Oh I had a good laugh when I read that line!! As my sister who is a teacher informs her students: The first slaves in America were the Irish. They were at Jamestown.
So does that mean that all the Irish in this country are suffering from "post-traumatic slave syndrome"?
I have to laugh everytime I see that!!
Thanks! I have that tome upstairs...
What we saw yesterday, is the renegade remnants of that failed war, fighting a rear guard action.
They are like the Japanese soldiers who holed up on Pacific islands for years after V-J day, except these losers get on Tee Vee.
Just starting the thread, but my reaction is that was W's "jump the shark" moment.
I heard it live, fell out of my chair and screamed so loud that I scared my dog and alarmed my family!
The sub-culture of which she speaks is an inner-city phenomenon; made worse by the constant engineering of neighborhoods by people whose motives largely arise from a personal guilt made manifest by their own unearned success.
Recent masss-immigration by people even poorer upon arrival will put the lie to poverty as a primary cause of poor social behavior at the same time these very same neighborhoods undergo a demographic shift where the culture dominant will be either replaced or drowned out by the din of the marketplace.

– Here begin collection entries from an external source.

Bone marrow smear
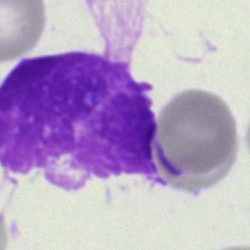 The cell shown is an artifact.
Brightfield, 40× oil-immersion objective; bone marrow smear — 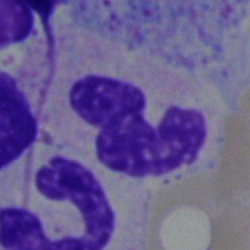 Q: What type of cell is this?
A: Segmented neutrophil.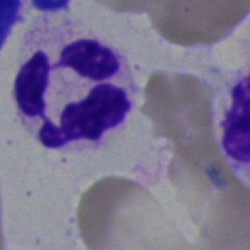 Q: What is the morphological classification of this cell?
A: This is a neutrophil (segmented).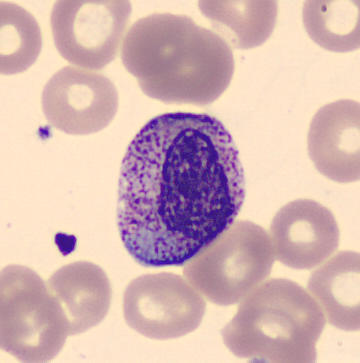 Peripheral blood film, single cell — metamyelocyte.
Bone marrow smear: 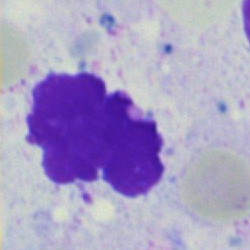

Cell type = artefact.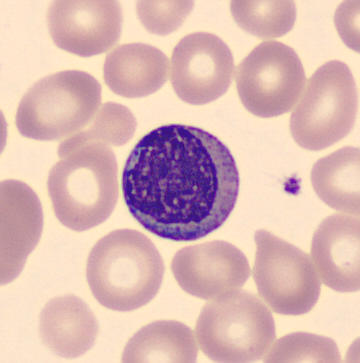 Image size 360×363; peripheral blood film.

Showing a metamyelocyte.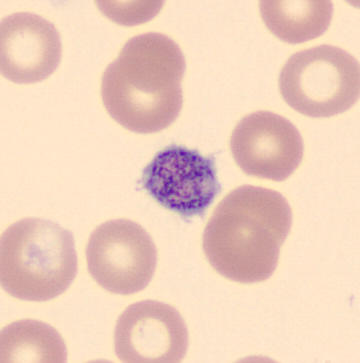

360×363 px · MGG-stained · peripheral blood film.
Classification = thrombocyte.
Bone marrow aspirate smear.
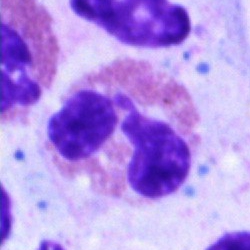 Q: What type of cell is this?
A: Eosinophilic granulocyte.
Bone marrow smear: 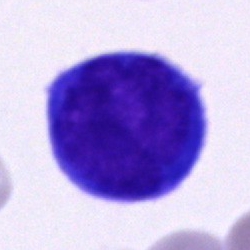Morphology → unidentifiable cell.
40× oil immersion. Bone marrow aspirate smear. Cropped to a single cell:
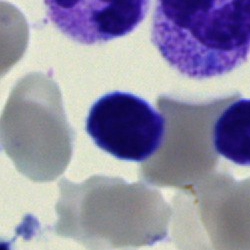The cell shown is a typical lymphocyte.
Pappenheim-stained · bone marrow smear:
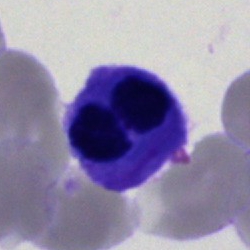Q: What type of cell is this?
A: It is a normoblast.
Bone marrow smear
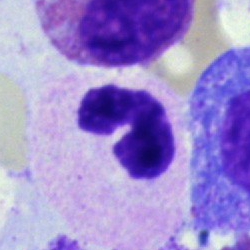

Morphology → segmented neutrophil.
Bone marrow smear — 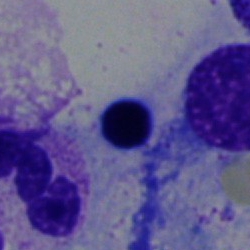 Cell type = nucleated red cell.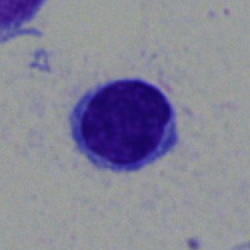

Cell type = typical lymphocyte.
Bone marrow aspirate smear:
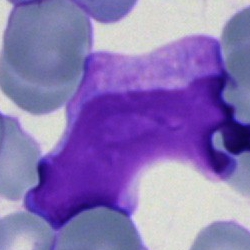

Morphology — undifferentiated blast.
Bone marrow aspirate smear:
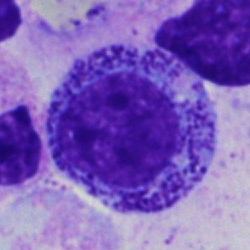

This is a promyelocyte.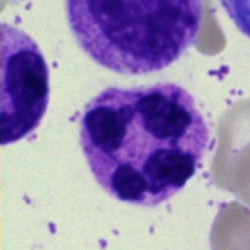
Q: Which cell type is shown here?
A: This is a polymorphonuclear neutrophil.
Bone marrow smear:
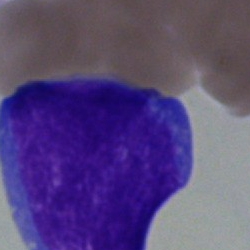
Q: Which cell type is shown here?
A: It is a blast.

Traditionally black neighborhoods in Los Angeles have become almost monolithically brown in the last two decades and the schools reflect the shift in population patterns.
Take away the drug trade and many of these neighborhoods are found to be remarkably improving from the riot prone 60s.
Not surprisingly a great number of the displaced blacks in this movement returned to the south where their parents were born and where many of the now fleeing lived as children.
The problem is that there is no overarching black culture there or anywhere and many if not most lack job skills or even the trendy life skills now purported to be taught in our public schools as this pattern of nomadic and systematic failure progresses.
In New Orleans the poor moved until they reached to water's edge, but because the delta had sunk below the water line, there was still no line on the horizon of hope, success or even long-term survival.
When the money's gone and the new paint begins to fade, the new New Orleans will resemble more the old, tired isolation than the bright face of brotherhood.
I'm afraid you are correct. But, I sometimes get a hopeful thought. I had a thread called "A Tale of Two Shelters" in the immediate post Katrina.
I saw the good side of our humanity on display. It is there. And needs no government programs or so-called leaders.